Others have raised questions about Friedman's belief that globalization is certain to raise the standard of living for every country if the governments throughout the world will play by the rules of the "electronic herd." For example, a recent report of the United Nations Development Program concluded that the rules of globalization need major changes to assist the 60 countries whose economies are worse off since 1980. This report points to the advantages of the United States and other wealthy industrial countries that hold 97 percent of all worldwide patents. An American needs to save one Month's salary to buy a computer. Compare this to a citizen of Bangladesh who must work for eight years to purchase the same hardware. There remain many people, both in the larger world and in the United States, who need help and a larger safety net than Friedman appears to advocate; indeed, what Friedman means by the necessary safety net to assist "the losers" is not altogether clear.
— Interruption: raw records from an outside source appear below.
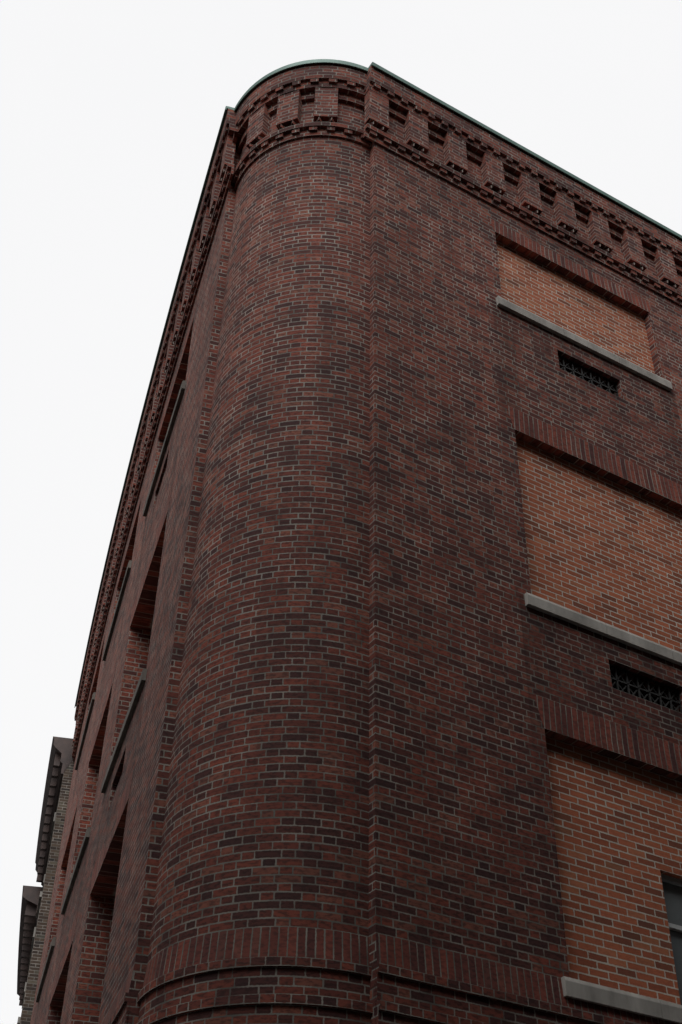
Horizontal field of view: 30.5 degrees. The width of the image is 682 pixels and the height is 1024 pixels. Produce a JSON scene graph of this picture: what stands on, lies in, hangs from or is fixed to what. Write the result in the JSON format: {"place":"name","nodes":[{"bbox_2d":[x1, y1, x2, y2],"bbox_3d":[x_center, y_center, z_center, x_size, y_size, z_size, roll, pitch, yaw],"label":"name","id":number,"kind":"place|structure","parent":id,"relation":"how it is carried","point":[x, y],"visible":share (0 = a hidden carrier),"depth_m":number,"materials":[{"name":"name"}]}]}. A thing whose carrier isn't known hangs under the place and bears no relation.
{"place":"outdoors","nodes":[
{"label":"outdoors","id":0,"kind":"place"},
{"bbox_2d":[0,0,681,1023],"label":"sky","id":1,"kind":"structure","parent":0,"point":[112,111],"materials":[{"name":"white"}]},
{"label":"ground","id":2,"kind":"structure","parent":0,"visible":0},
{"bbox_2d":[17,885,41,1005],"bbox_3d":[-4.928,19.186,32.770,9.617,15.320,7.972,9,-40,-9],"label":"neighbour house","id":3,"kind":"structure","parent":2,"relation":"on","point":[29,906],"depth_m":34.89,"materials":[{"name":"brick"}]},
{"bbox_2d":[17,736,73,1023],"bbox_3d":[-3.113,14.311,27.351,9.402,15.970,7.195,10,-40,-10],"label":"neighbour house","id":4,"kind":"structure","parent":2,"relation":"on","point":[57,787],"depth_m":28.27,"materials":[{"name":"brick"}]},
{"bbox_2d":[30,59,681,1023],"bbox_3d":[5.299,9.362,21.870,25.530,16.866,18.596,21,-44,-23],"label":"brick building","id":5,"kind":"structure","parent":2,"relation":"on","point":[378,709],"depth_m":12.47,"materials":[{"name":"red brick"},{"name":"stone"},{"name":"glass"}]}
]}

It is not that Friedman is insensitive to these issues and questions, but he does not give them the necessary analysis for the more fortunate beneficiaries of the new globalism to take seriously. Finally, has history really ended (originally suggested by Fukuyama), or begun anew, as Friedman argues in his introduction, "The World is only Ten Years Old"? While the globalization Friedman is describing is faster and different in nature due to technology and the increasing globalization of financial services, Ben Friedman, professor of Political Economy at Harvard, says that physical goods account for 71 percent of US exports and 84 percent of US imports." This sounds more like our traditional notions of international trade prior to the new globalization. Still, the Harvard Friedman agrees with Thomas Friedman that globalization of financial services and labor is increasingly dramatic, and their continuing expansion will depend on electronic communication. Economic growth of developing and developed countries will depend even more than in the 1990's on whether financial services continue to be saleable across the borders of nation states.

Let us hope that Friedman is right that the new globalization about which he is so optimistic will increase individual freedom and prosperity. I am not so sure, but educators have a responsibility to help their students understand an uncertain global future.


Dennis Lubeck has served as the Director of the International Education Consortium, St. Louis, MO, since 1984. Lubeck has a Ph.D in history and taught 20 years in a diverse, inner-suburban high school before assuming his present position.